Span is the distance between the joist’s support, i.e. ledger to beam or beam to beam. Length would be the distance from one end of the joist to the other.
Ex., 25% of a 10’ board would be 2.5’ but the most it could cantilever based on that rule would be 2’ with an 8’ joist span, 2’ being 25% of 8.’
When maximizing joist span, the overhang is more likely to be limited by the board size rather than the 25% rule. That is to say, for most (or maybe all) joist sizes and spacing, the maximum overhang is less than 25% of the maximum joist span.
Steel is typically design engineered in cantilever situations, so the stamp would supercede code. That said, a good rule of thumb is about 33% vs the 25% others are saying about lumber from my experience.
Wouldn't this apply for joists that are sized to be just above the minimum required for the span. If the joists are significantly upsized over what is required for the span, then couldn't the cantilever be longer? I think there is also a similar situation if the joists are spaced closer to overbuild the span which could allow for a longer cantilever.
The real question is why would you do that. ? The ground underneath is basically useless. What’s the benefit. Not high enough to do anything under. How’s he mowing / weed whacking under that ? Doesn’t make any sense to me.
48" where I grew up, and virtually all clay. I built two fences there, and you buy 10' 4x4s for your 6' fence. I hired a guy to come in with a bobcat to dig the post holes, rained the next day, and I had to pump the water out of the holes because they wouldn't drain.
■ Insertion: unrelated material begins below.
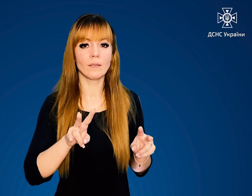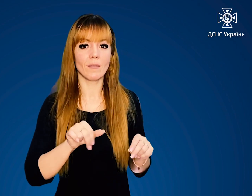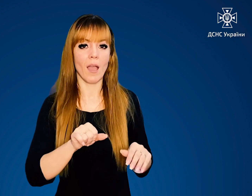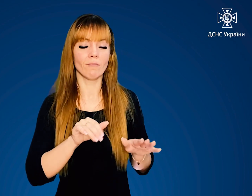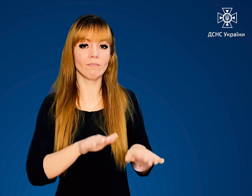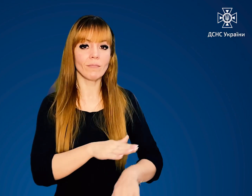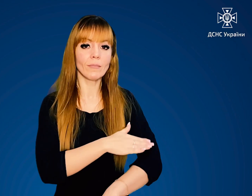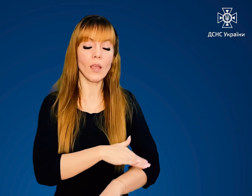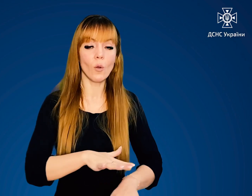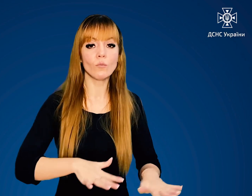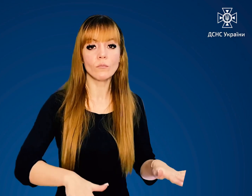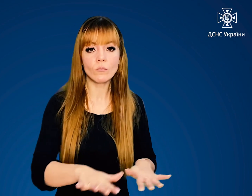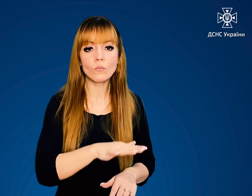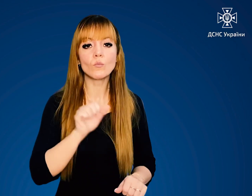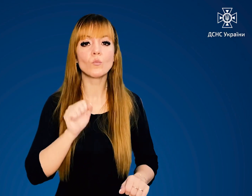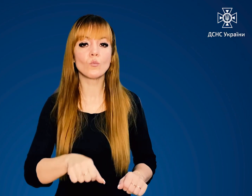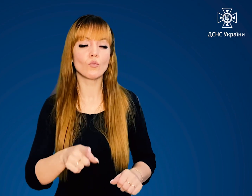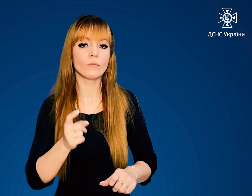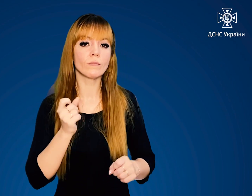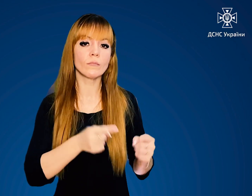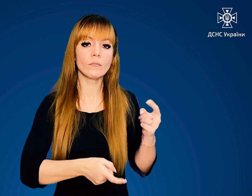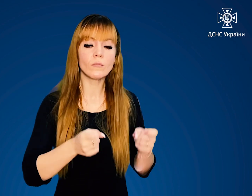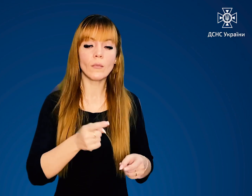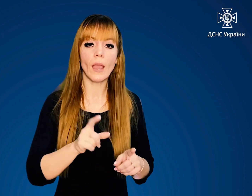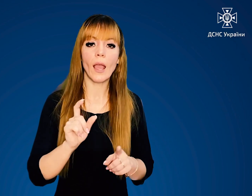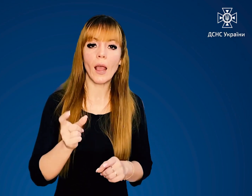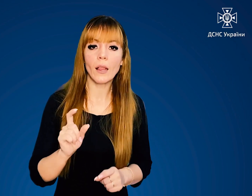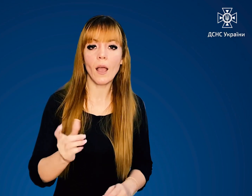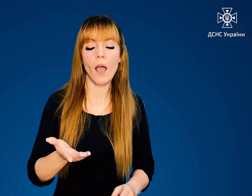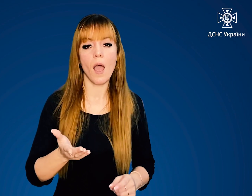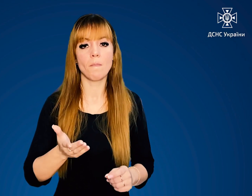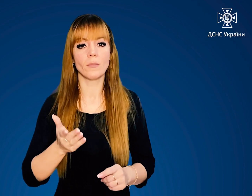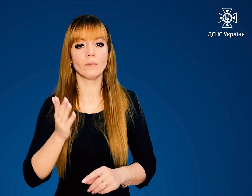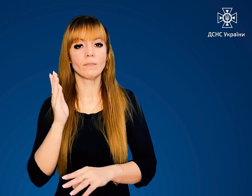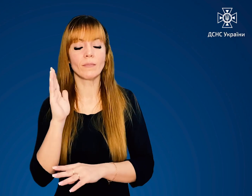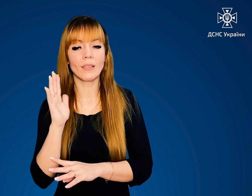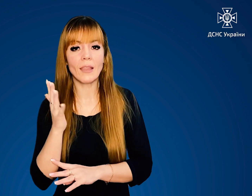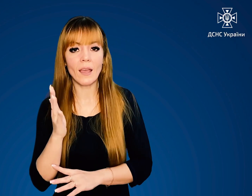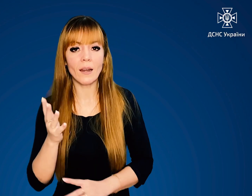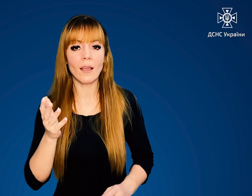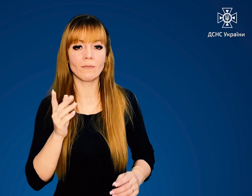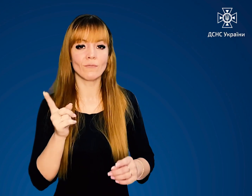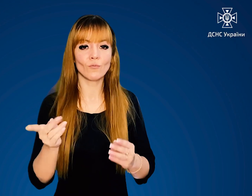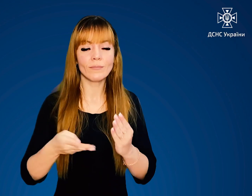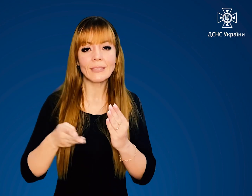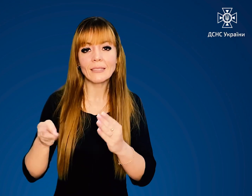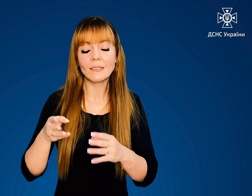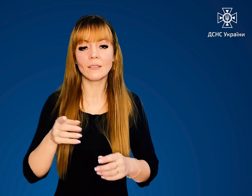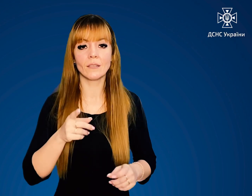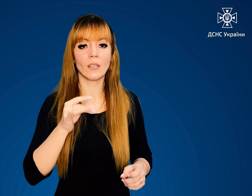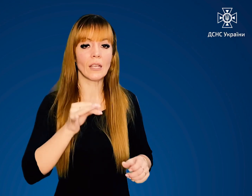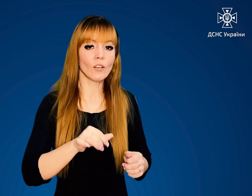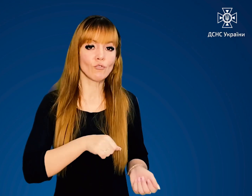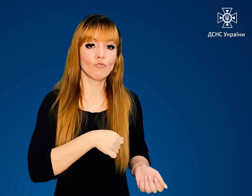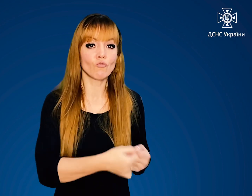низових пожеж можна, забиваючи полум'я гілками листяних порід дерев, заливаючи водою,
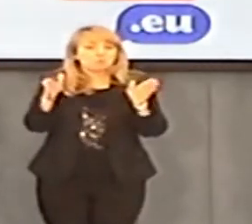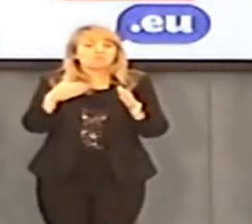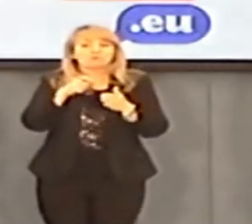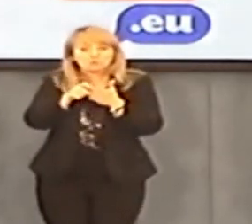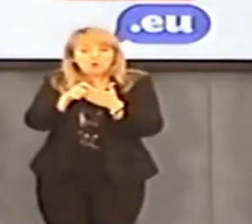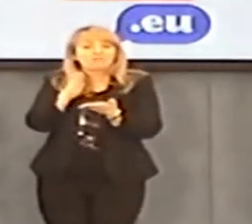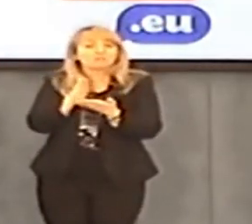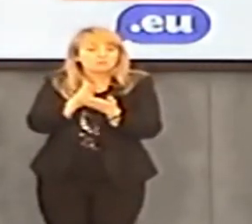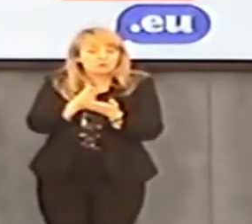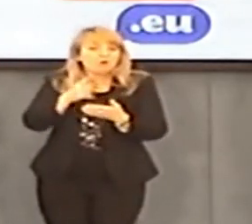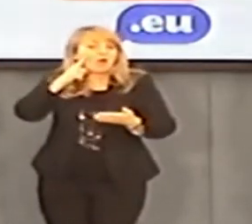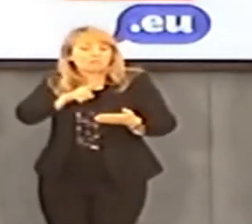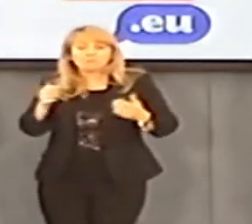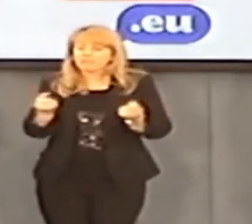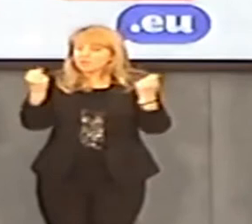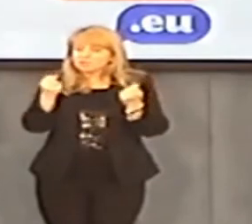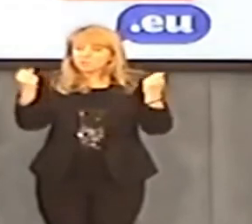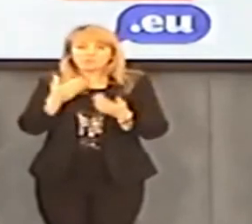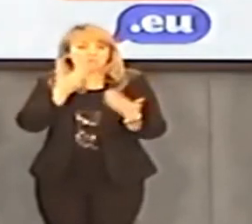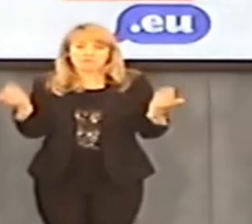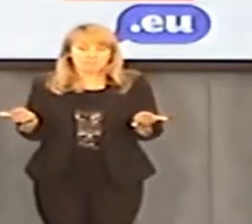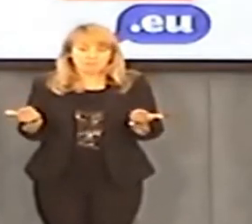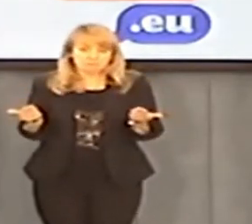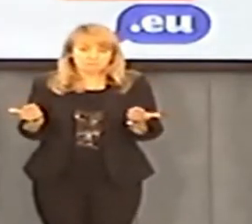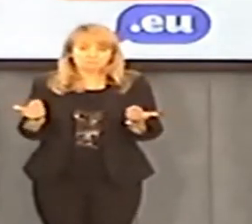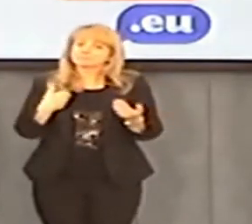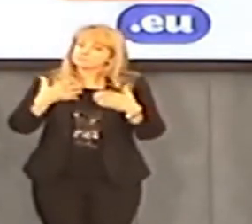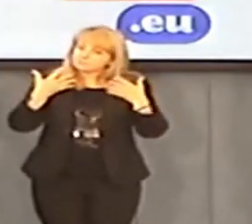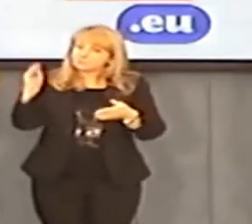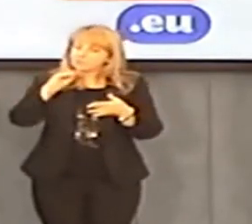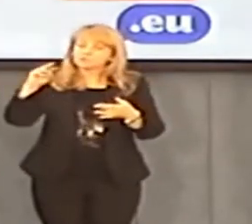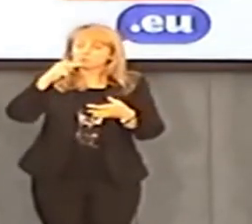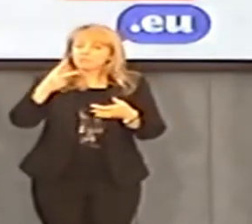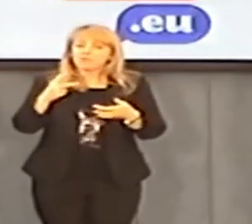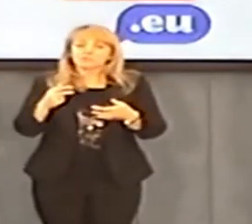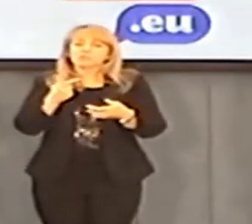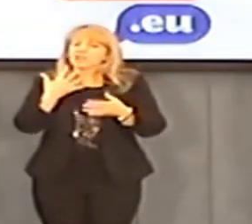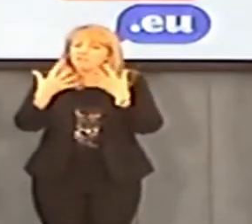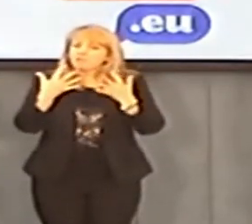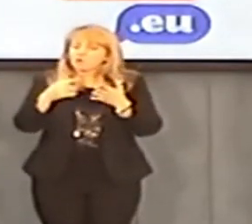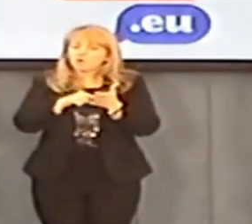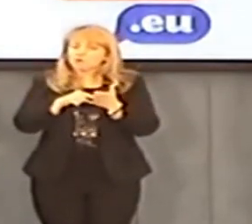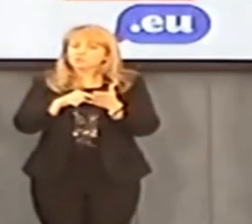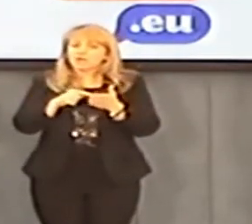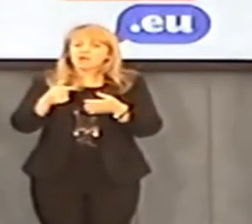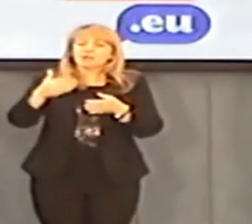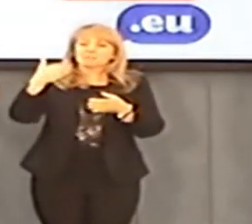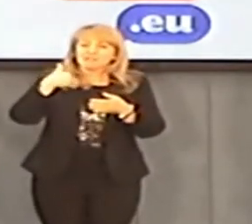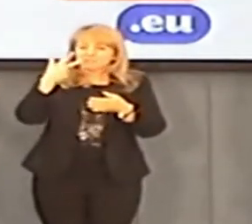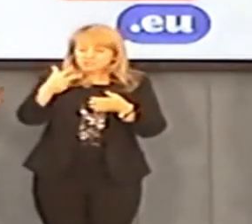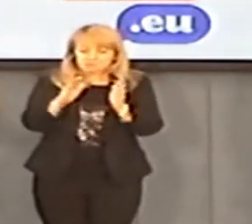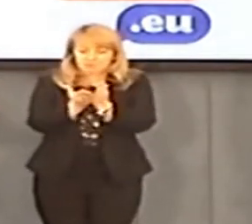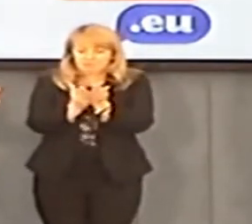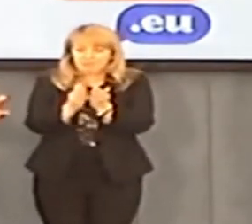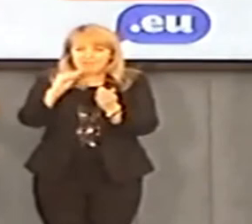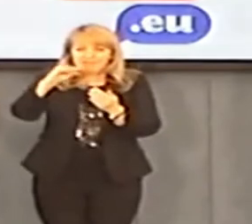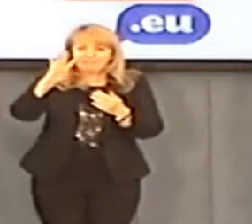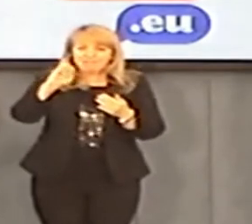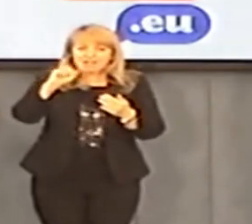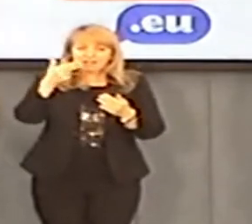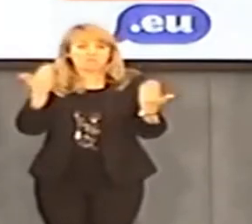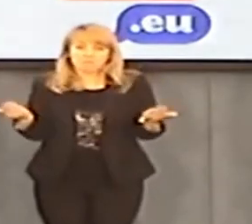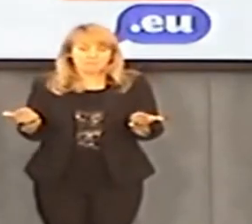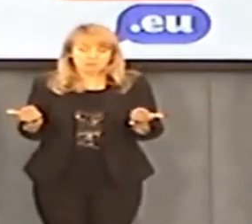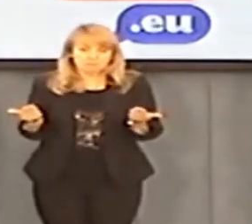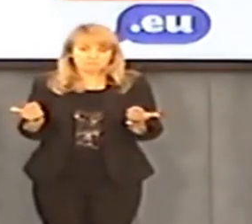z tego wynika w sferze werbalnej póki co. Nie możemy tu mówić o jakichś konkretnych czynach.

Overhangs and cantilevers count. Extensions beyond setback lines are not allowed, whether the supporting structure is beyond the setback line or not. At least that's the reg I've always been compelled to work by.
Good thought. I'll add it could be because of a drainage easement. There is a well defined swale there and likely an easement 10-15 feet wide, centered on it, which eyeballing it puts you at the first posts. Probably no permanent structures, except fences, allowed in the easement. HOA might permit overhangs into the easement, they just took it to an extreme.
Yeah, I have a 2-ft cantilever for aesthetics and also hanging over the edge of an above ground pool. This looks like an absolute nightmare to deal with as far as mowing is concerned. Really channeling some Frank Lloyd Wright here.
I will soon be in a similar situation so I can provide one possible answer: I will extend my current deck. For reason that infuriates me too much to get into, I do not know where my leaching field begins.
So I had the luck of having access to an engineer who could calculate the implications and provided me plans for basically sistering longer joist to the existing one and give me an extra 4ft, so I'll be cantilevered about 7ft.
- Is it to code? No.
- Is it going to fail? Under normal use, no.
Codes have built-in multiples when it comes to safety factor relating to loads resulting in significant over-design. Not satisfying the code doesn’t mean you’re in a danger zone, it just means you don’t have all the extra safety margin. That overhang ain’t going anywhere.
That being said, I wouldn’t want to host a party with 20 people standing over there, and I’m also surprised it passed inspection.
Look, I know everyone is going to downvote this but i took enough cive201 to know you would have to put a massive fucking load on that cantilever to make it fail. I mean massive. It looks fine to me.
Yep, it’s not exactly to code and is tragically unlikely to hold a hot tub but it’s perfectly safe as long as you aren’t hosting a 10-man jump party on the railing.
Same 18 inch max in my area. Which I find insane because any structural load calculations or mechanical load calculations prove out otherwise using something like 2x10 or 2x12 joists.
This was going to be my question. Code or not, if you can provide sealed calculations and plans from a structural engineer (like myself), will it be approved?
Codes allow for either 'prescriptive' implementation or for structures to be 'designed'. If you have the ability to design and a license to do so, it's going to be approved.
With engineered analysis, drawings and supervision you can create anything and have it approved. That, of course, costs real money. The 18” limitation in my local code is one of many in a long pdf which if you follow, you do not need a structural engineer to sign off on.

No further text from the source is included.